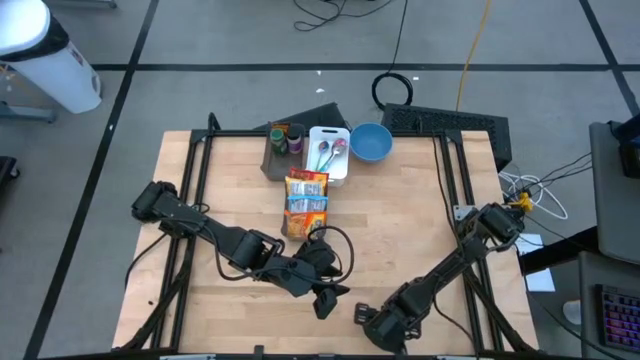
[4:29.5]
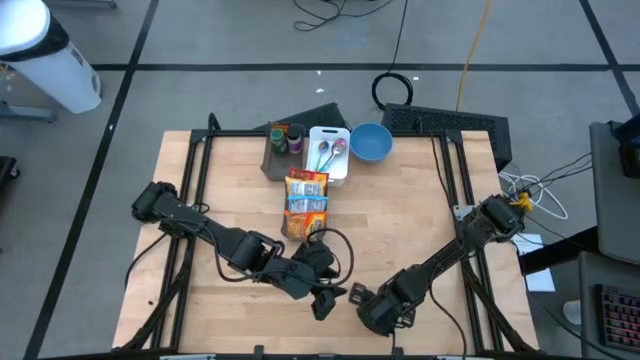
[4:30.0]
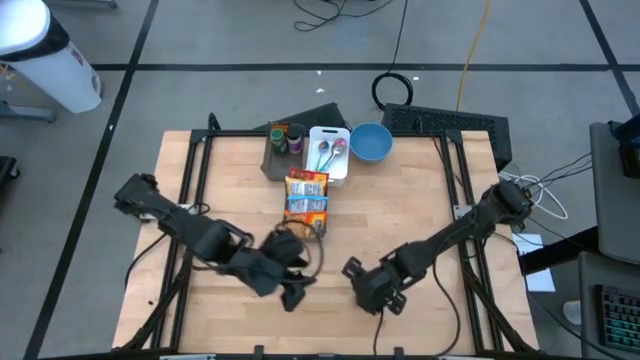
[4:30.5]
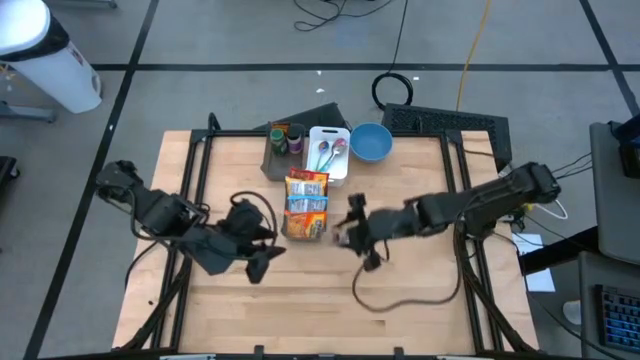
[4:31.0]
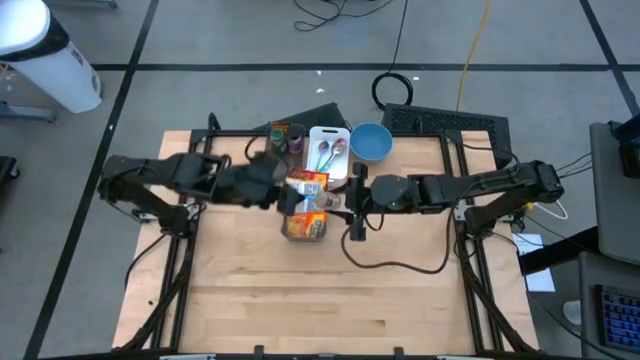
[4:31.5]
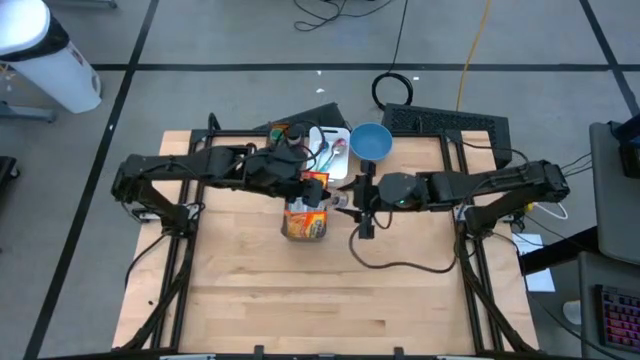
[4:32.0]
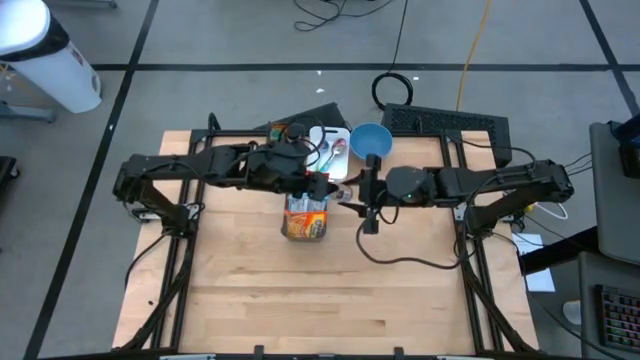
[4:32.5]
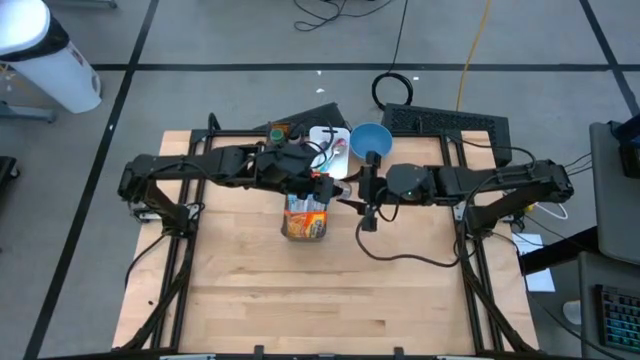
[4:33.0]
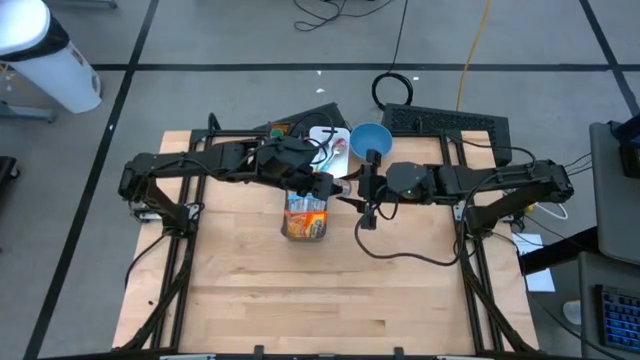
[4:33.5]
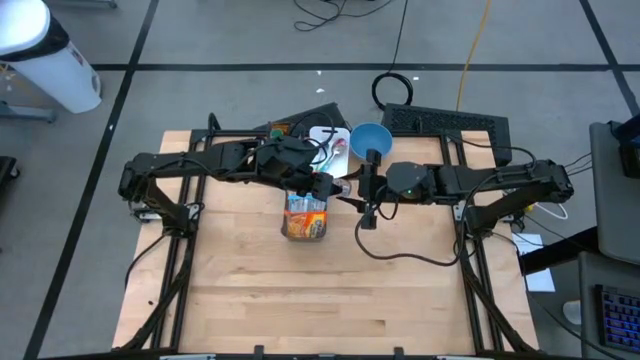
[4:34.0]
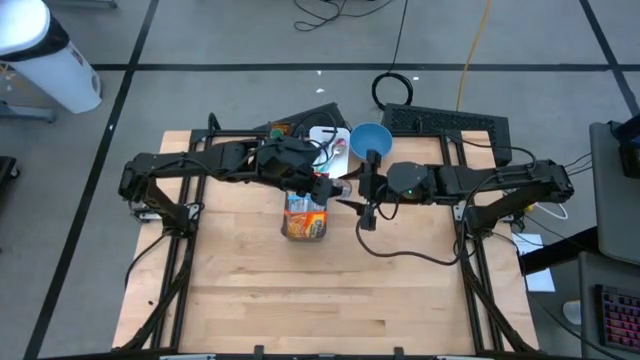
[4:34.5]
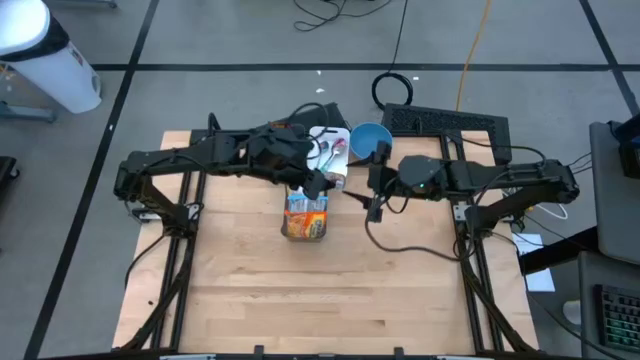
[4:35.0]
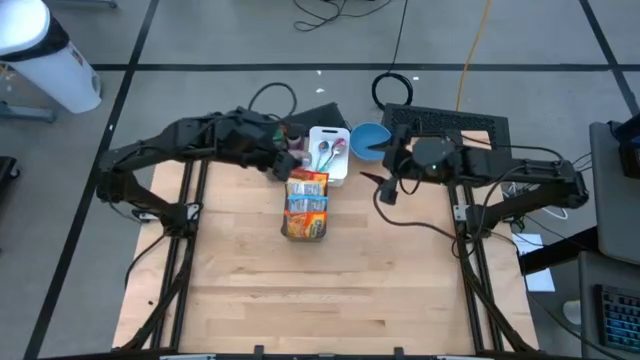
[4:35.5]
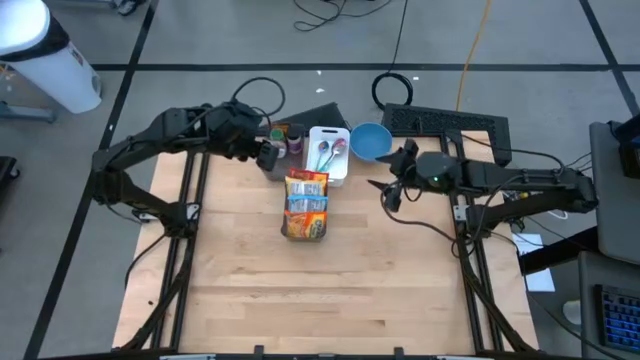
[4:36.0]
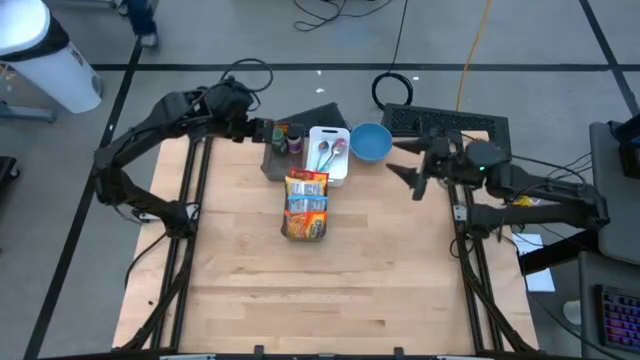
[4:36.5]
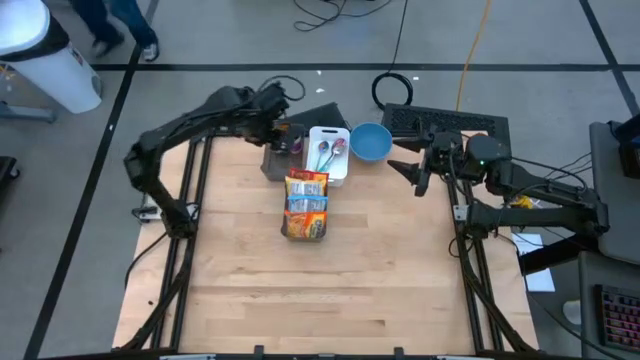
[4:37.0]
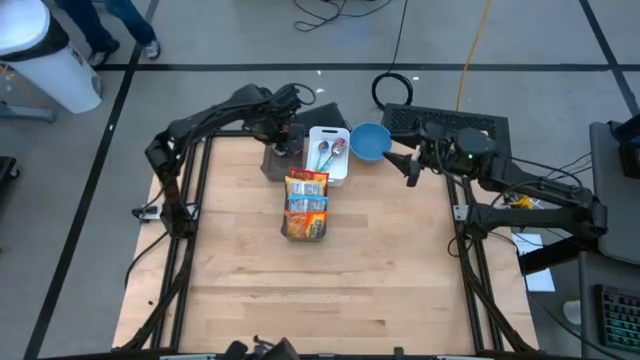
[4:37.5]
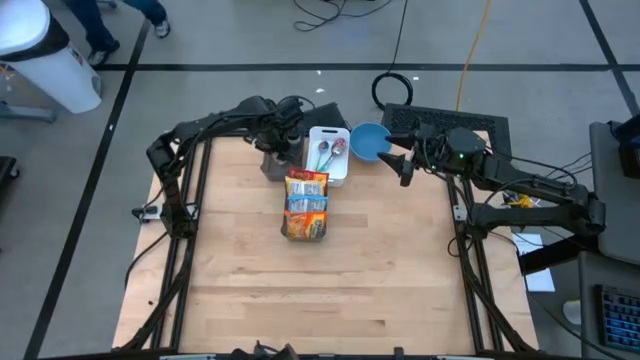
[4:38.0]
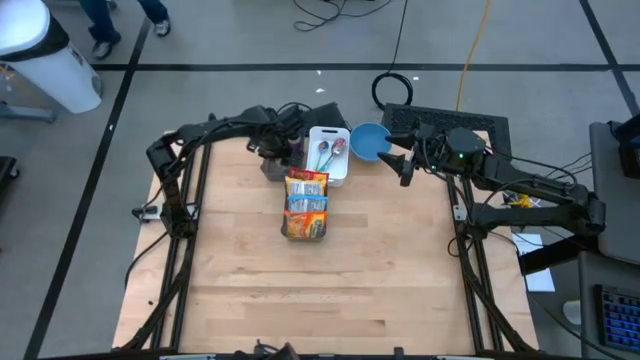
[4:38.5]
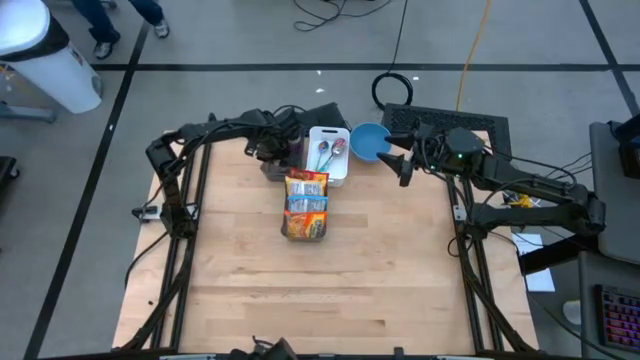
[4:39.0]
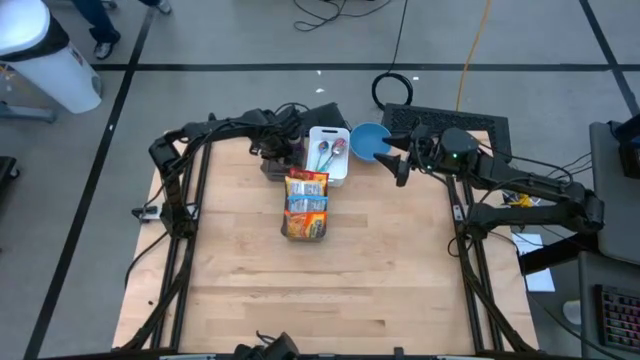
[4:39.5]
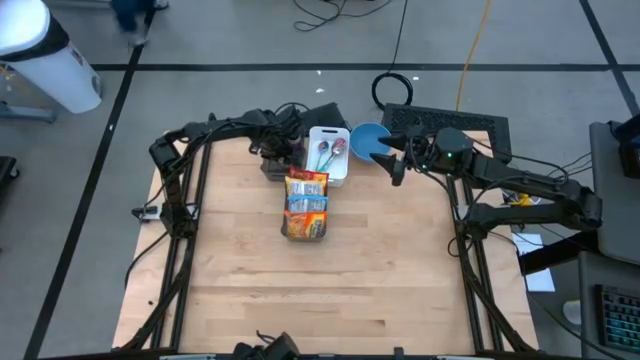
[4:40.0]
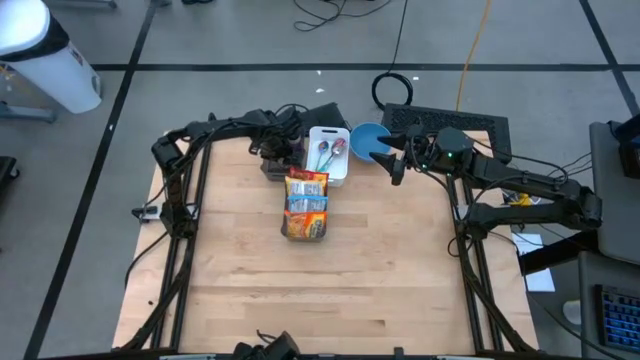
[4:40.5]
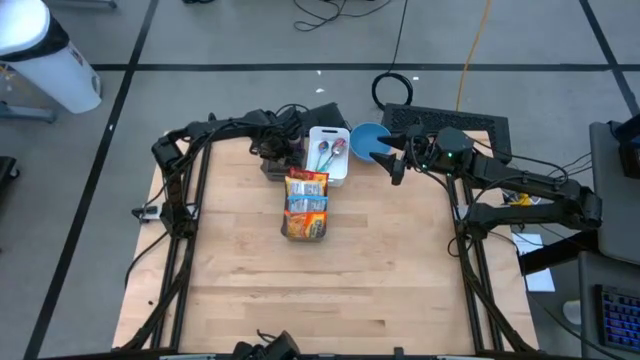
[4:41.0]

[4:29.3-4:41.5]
Put the brown spice bottle into the top black bin

:: Exercise details ::
All of the material above is to be retyped verbatim, with its pictures omitted.

:: Solution to this exercise ::
[4:29.5]
[4:30.0]
[4:30.5]
[4:31.0]
[4:31.5]
[4:32.0]
[4:32.5]
[4:33.0]
[4:33.5]
[4:34.0]
[4:34.5]
[4:35.0]
[4:35.5]
[4:36.0]
[4:36.5]
[4:37.0]
[4:37.5]
[4:38.0]
[4:38.5]
[4:39.0]
[4:39.5]
[4:40.0]
[4:40.5]
[4:41.0]

[4:29.3-4:41.5]
Put the brown spice bottle into the top black bin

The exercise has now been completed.